Многое прояснилось, когда вскрылась Волга и сошел окончательно лед. Из Казани приплыл бывший камергер Петра II генерал Александр Бутурлин. Его-то Мишуков знал близко. Когда тот окончил Морскую академию, Петр I взял смышленого поручика к себе. Немало секретных заданий царя выполнил молодой поручик от флота. В последние годы все знали, что Бутурлин, самый близкий фаворит Елизаветы, стал ее камергером.
Два года не виделись они, и Мишуков сразу подметил, что Бутурлин в свои двадцать пять лет выглядит все так же моложаво. Не отличавшийся и раньше словоохотливостью, он теперь и вовсе отмалчивался. На расспросы Мишукова реагировал односложно, уводил разговор в сторону.

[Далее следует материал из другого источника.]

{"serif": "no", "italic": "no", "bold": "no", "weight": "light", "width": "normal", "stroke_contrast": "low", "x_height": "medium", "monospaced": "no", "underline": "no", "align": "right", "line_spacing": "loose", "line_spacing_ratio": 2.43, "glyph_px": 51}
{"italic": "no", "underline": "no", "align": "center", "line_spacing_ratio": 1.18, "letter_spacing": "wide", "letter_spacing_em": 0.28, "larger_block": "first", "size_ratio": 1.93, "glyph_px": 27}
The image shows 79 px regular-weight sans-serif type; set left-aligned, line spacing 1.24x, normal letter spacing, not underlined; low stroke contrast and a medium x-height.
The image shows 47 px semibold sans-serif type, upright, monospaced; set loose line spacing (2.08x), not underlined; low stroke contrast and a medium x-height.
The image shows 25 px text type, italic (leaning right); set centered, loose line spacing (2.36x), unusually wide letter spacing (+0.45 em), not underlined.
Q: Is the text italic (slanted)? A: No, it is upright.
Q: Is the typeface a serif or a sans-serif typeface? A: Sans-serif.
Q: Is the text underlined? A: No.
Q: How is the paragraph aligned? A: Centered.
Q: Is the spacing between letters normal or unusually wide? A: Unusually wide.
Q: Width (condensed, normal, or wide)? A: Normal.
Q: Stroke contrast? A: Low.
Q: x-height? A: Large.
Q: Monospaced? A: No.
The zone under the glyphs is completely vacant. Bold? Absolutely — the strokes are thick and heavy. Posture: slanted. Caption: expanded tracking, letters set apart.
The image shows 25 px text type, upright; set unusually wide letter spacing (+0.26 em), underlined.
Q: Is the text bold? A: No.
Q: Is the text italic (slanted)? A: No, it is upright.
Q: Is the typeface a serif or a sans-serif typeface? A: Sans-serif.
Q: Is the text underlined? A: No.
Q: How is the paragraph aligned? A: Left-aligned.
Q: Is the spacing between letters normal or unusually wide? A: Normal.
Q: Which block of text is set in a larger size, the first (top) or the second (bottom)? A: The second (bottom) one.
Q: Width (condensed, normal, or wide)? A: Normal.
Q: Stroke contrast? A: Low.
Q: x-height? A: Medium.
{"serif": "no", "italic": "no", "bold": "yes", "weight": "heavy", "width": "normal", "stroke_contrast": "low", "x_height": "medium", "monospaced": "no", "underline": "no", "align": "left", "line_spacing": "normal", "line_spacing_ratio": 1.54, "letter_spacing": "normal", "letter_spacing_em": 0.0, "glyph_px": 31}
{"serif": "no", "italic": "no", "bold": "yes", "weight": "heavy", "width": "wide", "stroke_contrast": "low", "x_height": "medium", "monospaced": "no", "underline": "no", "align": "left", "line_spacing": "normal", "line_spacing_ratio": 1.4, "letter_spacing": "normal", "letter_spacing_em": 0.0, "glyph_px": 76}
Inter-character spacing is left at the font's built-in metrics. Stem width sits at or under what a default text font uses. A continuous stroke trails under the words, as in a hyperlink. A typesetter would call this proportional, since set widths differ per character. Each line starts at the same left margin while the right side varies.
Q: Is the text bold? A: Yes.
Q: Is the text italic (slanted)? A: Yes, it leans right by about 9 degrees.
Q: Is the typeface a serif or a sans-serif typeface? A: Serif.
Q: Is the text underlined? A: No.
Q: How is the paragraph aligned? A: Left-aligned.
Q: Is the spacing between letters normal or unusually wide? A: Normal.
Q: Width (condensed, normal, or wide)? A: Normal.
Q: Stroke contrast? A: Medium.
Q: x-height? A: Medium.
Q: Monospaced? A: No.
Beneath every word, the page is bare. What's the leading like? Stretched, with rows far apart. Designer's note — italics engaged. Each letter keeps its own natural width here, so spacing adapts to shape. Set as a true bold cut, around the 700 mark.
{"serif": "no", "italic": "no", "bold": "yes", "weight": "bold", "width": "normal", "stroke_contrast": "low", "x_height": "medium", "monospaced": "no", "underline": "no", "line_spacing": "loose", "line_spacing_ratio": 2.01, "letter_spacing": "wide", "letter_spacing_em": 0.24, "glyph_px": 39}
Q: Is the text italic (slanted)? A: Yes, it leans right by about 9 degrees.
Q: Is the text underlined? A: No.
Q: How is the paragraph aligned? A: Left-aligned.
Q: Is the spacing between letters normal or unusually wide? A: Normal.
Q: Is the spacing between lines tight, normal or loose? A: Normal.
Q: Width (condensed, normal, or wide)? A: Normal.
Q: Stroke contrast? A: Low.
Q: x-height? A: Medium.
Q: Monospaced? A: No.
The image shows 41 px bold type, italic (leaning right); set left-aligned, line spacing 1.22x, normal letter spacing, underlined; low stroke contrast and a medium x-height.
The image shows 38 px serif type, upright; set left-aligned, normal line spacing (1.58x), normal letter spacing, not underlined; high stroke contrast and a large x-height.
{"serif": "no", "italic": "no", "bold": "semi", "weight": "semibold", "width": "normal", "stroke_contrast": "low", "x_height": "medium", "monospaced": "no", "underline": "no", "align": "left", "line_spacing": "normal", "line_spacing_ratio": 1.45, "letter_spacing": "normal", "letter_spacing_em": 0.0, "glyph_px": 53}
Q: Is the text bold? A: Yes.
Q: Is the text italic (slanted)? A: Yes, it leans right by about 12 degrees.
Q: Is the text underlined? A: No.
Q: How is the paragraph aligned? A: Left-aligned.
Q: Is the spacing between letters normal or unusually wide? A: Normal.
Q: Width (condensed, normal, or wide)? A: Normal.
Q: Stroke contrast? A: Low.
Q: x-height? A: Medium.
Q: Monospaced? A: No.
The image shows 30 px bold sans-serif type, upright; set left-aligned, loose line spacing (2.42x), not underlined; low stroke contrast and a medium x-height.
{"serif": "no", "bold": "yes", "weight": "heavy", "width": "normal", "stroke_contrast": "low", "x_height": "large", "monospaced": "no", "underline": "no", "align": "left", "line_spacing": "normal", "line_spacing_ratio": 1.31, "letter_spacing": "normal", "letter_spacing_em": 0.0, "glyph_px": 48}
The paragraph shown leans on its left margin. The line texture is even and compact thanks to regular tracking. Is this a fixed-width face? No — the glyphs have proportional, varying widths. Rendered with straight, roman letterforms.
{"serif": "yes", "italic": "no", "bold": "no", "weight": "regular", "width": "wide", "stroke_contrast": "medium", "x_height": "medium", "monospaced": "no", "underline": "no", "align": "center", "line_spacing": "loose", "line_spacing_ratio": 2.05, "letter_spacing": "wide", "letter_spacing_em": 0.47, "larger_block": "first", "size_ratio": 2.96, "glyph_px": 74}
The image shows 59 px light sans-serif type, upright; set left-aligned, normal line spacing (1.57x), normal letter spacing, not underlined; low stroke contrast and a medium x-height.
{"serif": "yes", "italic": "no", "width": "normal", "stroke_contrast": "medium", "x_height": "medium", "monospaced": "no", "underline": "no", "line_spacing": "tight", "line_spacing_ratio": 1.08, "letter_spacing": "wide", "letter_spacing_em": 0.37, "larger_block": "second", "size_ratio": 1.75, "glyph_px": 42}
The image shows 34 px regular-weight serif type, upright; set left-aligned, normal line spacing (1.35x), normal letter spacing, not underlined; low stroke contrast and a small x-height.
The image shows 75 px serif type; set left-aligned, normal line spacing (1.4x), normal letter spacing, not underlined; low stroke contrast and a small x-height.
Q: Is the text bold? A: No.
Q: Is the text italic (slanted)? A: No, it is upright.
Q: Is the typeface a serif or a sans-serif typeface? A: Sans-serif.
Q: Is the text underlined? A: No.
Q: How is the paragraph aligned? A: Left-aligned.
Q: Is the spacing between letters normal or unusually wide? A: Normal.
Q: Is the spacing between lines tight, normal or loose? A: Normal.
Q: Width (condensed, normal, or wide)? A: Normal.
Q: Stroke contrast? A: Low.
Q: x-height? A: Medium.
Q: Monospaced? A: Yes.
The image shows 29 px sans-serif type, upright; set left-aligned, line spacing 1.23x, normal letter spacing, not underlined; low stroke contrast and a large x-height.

В свою очередь и Мишуков с некоторой опаской посматривал на собеседника.
Две недели назад Бутурлин гостил в Казани у приятеля, губернатора Артемия Волынского. Так тот только и выспрашивал о новых правителях. «Ему-то привольно, — не без зависти думал тогда Бутурлин, — дядя у него Салтыков, на посылках у Анны, словно Малюта Скуратов, все вынюхивает и высматривает». Поэтому в разговоре с Волынским был настороже.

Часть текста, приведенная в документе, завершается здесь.